[[ EXERCISE DATA open ]]

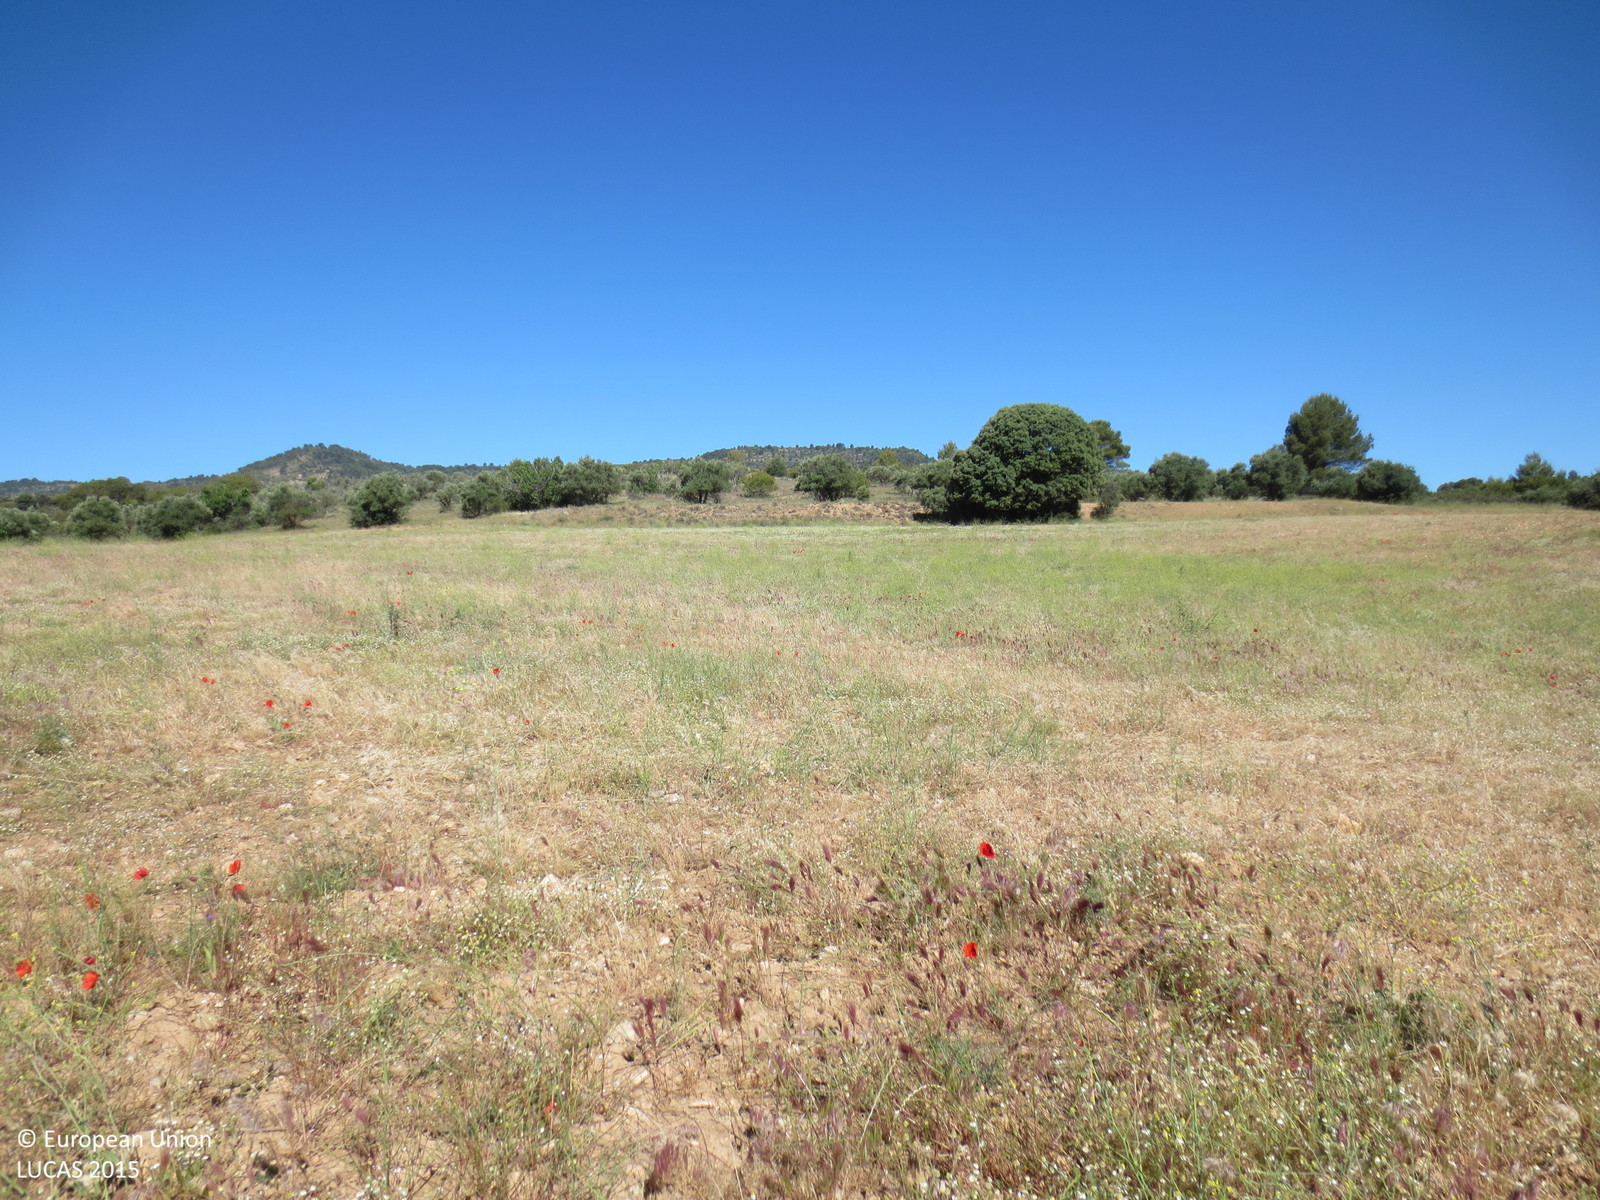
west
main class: Grassland
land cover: Spontaneously vegetated surfaces
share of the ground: 50 - 75 %
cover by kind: herbaceous plants 60 %, unconsolidated bare surface 40 %
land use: Fallow land
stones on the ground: > 50 %
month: May
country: ES
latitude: 40.4885
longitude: -2.7806

[[ EXERCISE DATA closed ]]

§ ASSIGNMENT:
Pictures are to be left out; the rest of the listing should be printed exactly.

§ YOUR SOLUTION:
west
main class: Grassland
land cover: Spontaneously vegetated surfaces
share of the ground: 50 - 75 %
cover by kind: herbaceous plants 60 %, unconsolidated bare surface 40 %
land use: Fallow land
stones on the ground: > 50 %
month: May
country: ES
latitude: 40.4885
longitude: -2.7806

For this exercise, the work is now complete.